The Social Security fund of virtually every country that has one is woefully underfunded. Typically, these funds have relied on the next generation’s contributions to pay for the benefits to those presently retired or retiring.
Unfortunately, the original premise, back when Social Security was introduced, was that the population would always increase. During the baby-boomer years, benefits were ramped up dramatically, as there were so many younger workers per retiree.
But now, that relationship has reversed. The baby-boom generation lasted for 18 years, so each year, for 18 years, the ratio of working people will diminish against those who have retired.
Ergo, each year, those working will need to be taxed more heavily if the system is to continue. Unfortunately, at some point, we reach the tipping point and the concept itself is no longer viable.

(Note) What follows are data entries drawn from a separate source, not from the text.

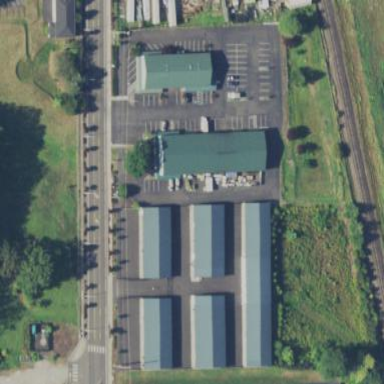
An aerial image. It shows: Commercial area with storage rental shop.
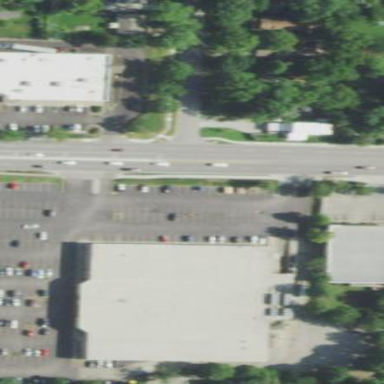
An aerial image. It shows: Retail area.
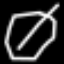
Label: octagon
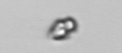
Label: Heterocapsa_rotundata
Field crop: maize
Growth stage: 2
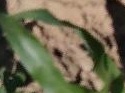
Species: maize
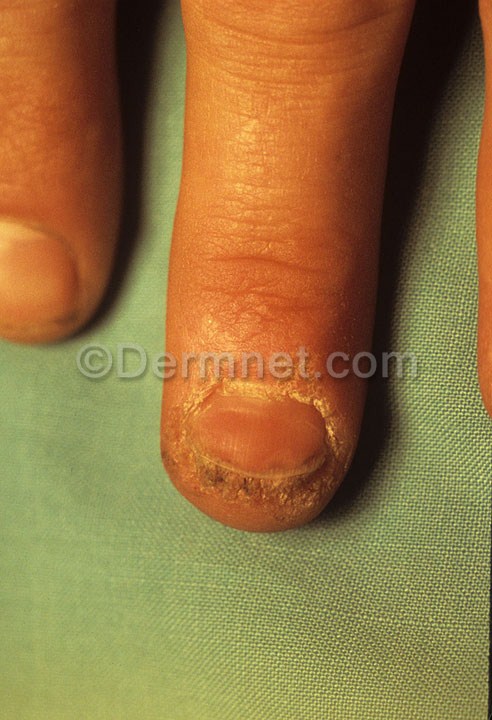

After that point, benefits will be reduced and, possibly, eliminated altogether.
When retirees first hear this, their reaction is usually, “But that’s not fair. I paid in, all my life. They can’t do this to me.” Unfortunately, it is not a question of “fair”. It’s a question of arithmetic. The promised benefits will decline. As a result, those who are counting on Social Security to sustain them in their retirement will find themselves short.
Similarly, pensions are at risk. Most pensions are invested, to a greater or lesser degree, in the stock market. Most funds pride themselves on being “diversified”, by which they mean that they are invested in a variety of stocks.
Unfortunately, when a stock market crashes, good stocks often head south along with failing stocks, as brokers seek to save their skin by unloading portfolios. (This does not mean that some potentially solid stocks will not experience a recovery in time, but few will ride out a crash unaffected.)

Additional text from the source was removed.